=== SUPPLIED RECORDS ===
--- START ---
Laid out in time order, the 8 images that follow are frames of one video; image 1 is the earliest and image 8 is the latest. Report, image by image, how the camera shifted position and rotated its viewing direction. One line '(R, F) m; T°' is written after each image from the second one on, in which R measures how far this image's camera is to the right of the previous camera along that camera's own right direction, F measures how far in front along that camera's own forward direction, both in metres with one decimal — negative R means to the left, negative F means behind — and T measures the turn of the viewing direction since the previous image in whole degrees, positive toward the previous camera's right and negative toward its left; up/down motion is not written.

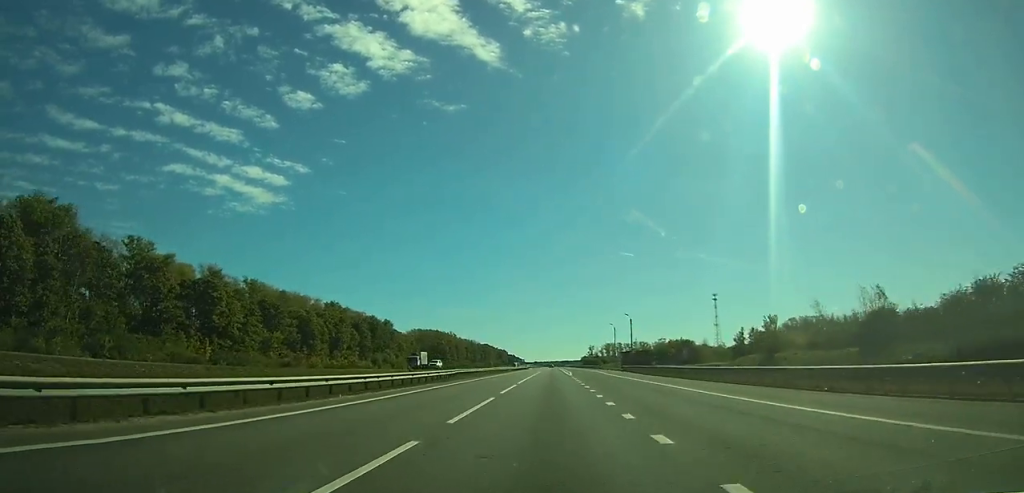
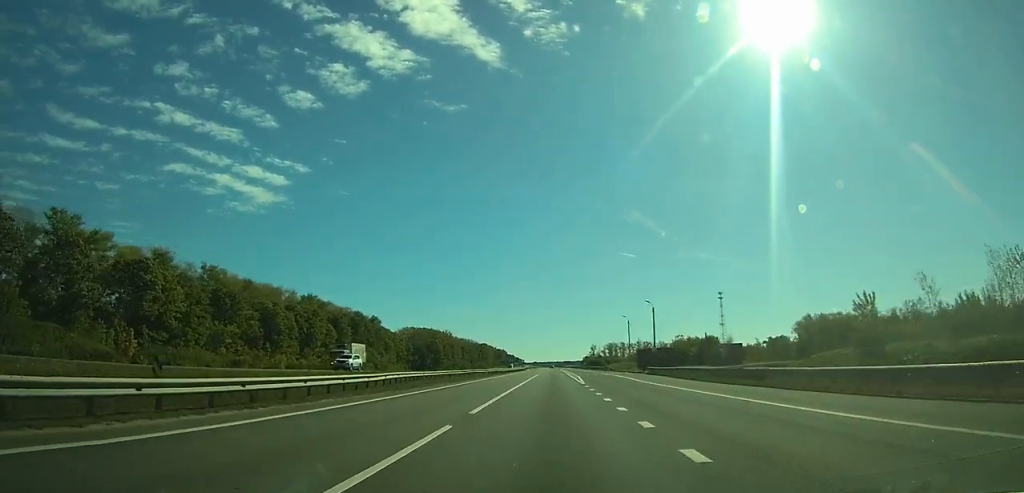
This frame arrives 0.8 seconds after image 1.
(-0.1, +21.2) m; 0°
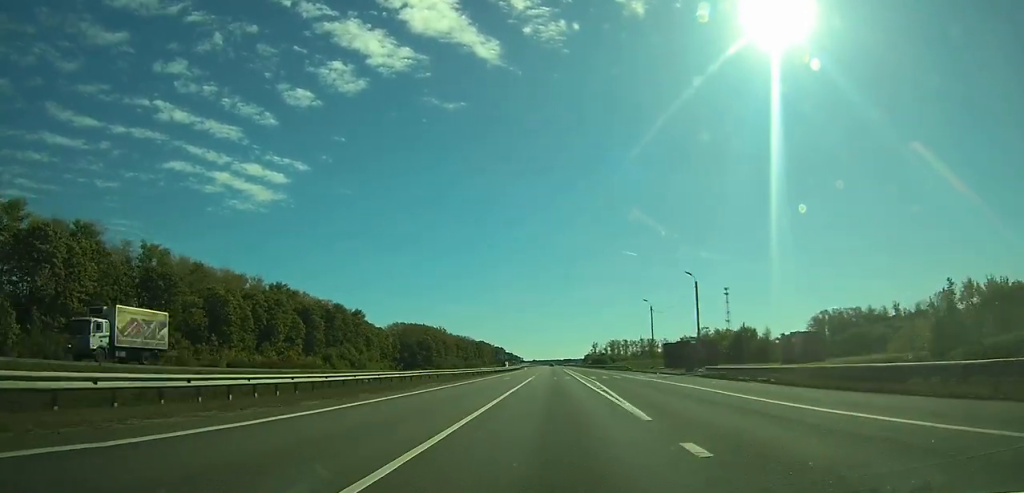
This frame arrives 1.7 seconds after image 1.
(-0.1, +23.0) m; 0°
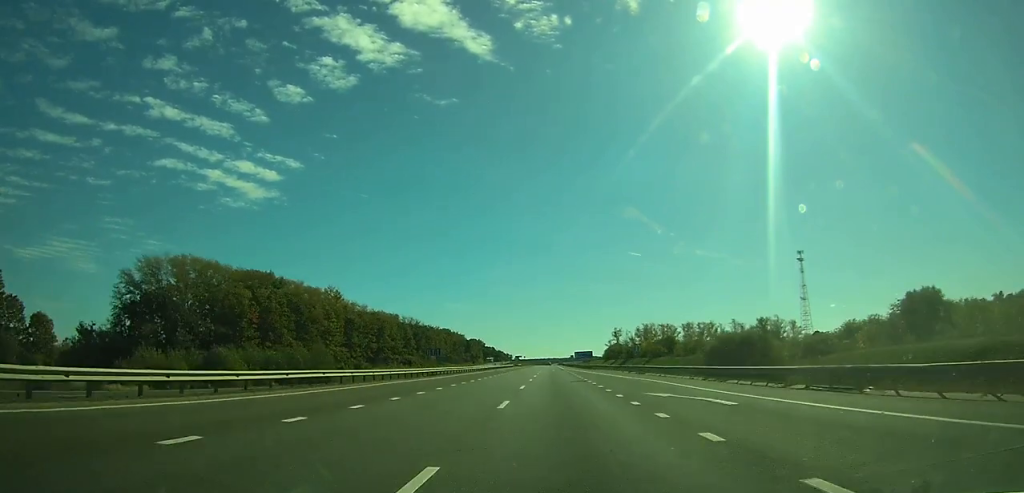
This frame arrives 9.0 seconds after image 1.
(-0.3, +200.0) m; 0°
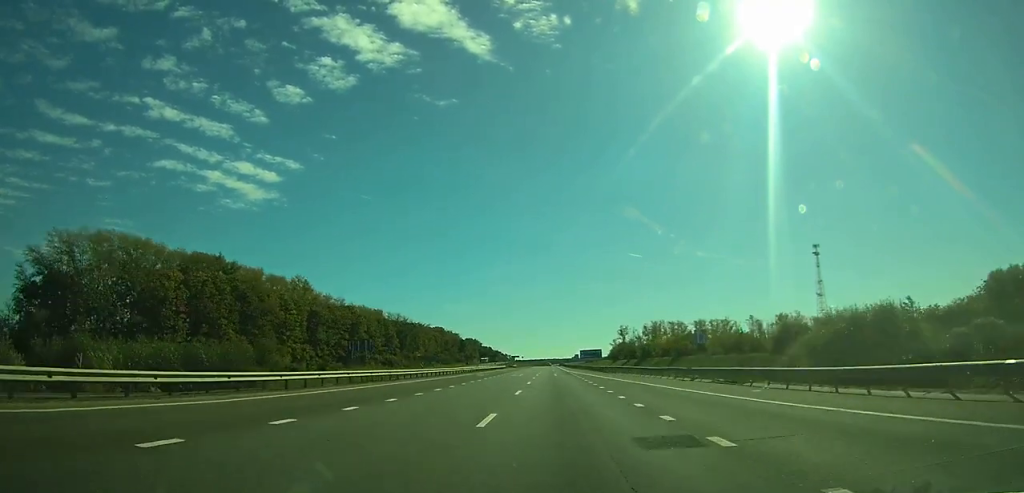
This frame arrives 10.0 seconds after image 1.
(+0.1, +27.8) m; 0°
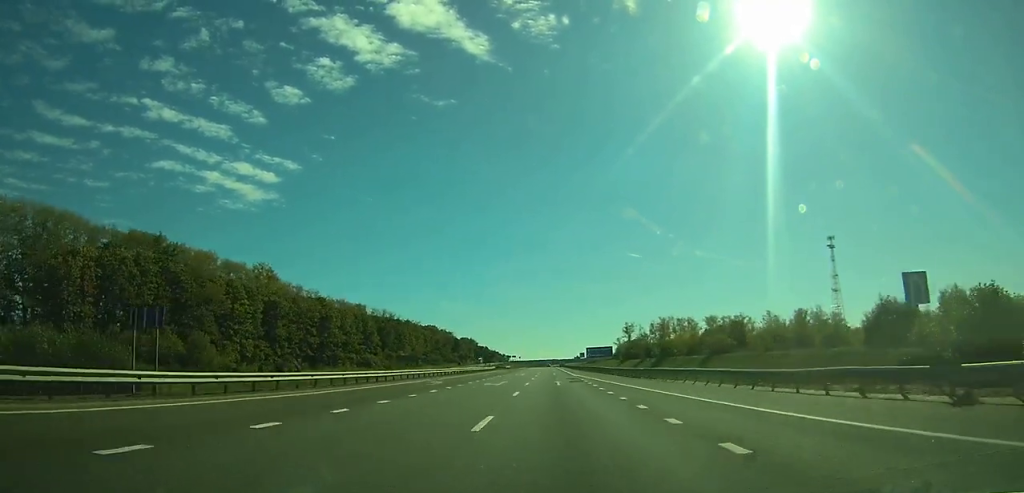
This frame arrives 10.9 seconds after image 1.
(0.0, +24.3) m; 0°
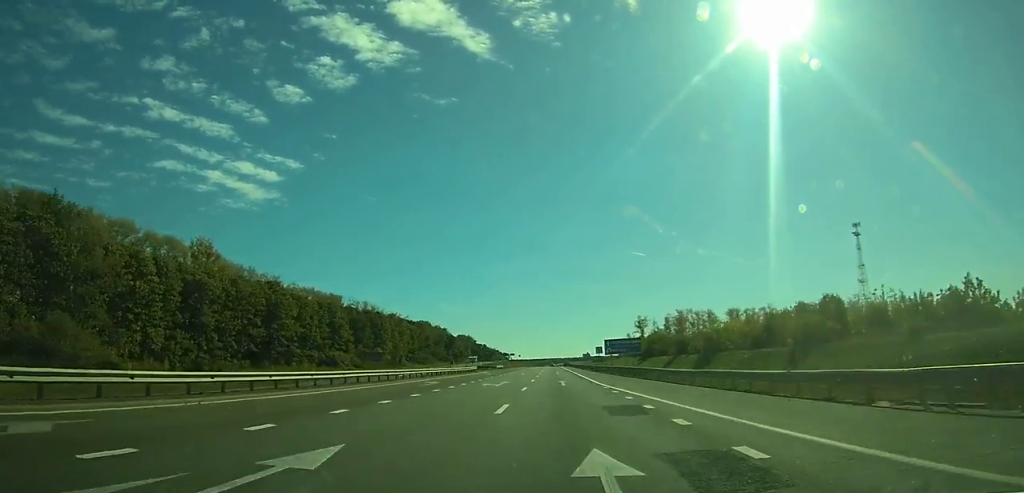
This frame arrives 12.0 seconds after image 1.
(0.0, +31.8) m; 0°
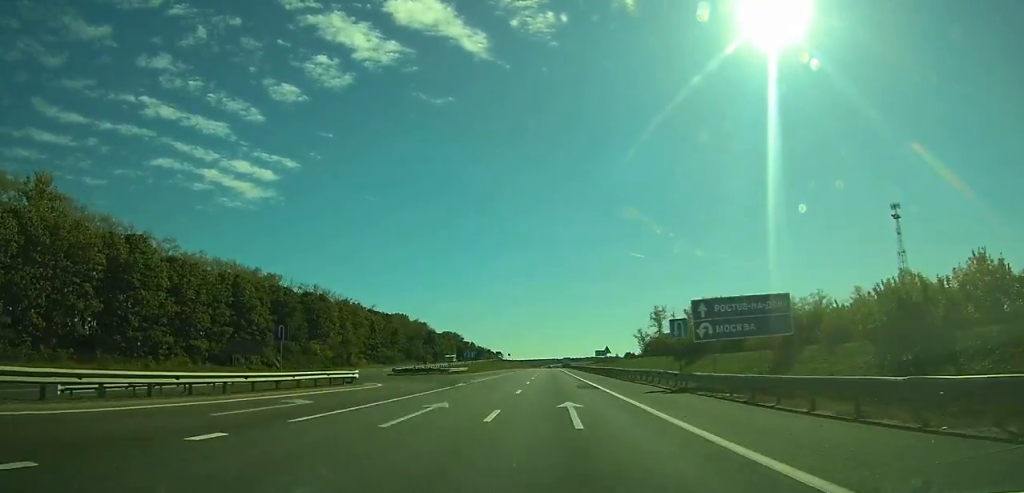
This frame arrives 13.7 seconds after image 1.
(0.0, +48.9) m; 0°
--- END ---
=== PROBLEM STATEMENT ===
Starting with the line that contains "This frame arrives 12.0" and ending with the last line of the material, every line must be written out exactly; no other lines and no pictures are wanted.

=== REPLY TO THE EXERCISE ===
This frame arrives 12.0 seconds after image 1.
(0.0, +31.8) m; 0°
This frame arrives 13.7 seconds after image 1.
(0.0, +48.9) m; 0°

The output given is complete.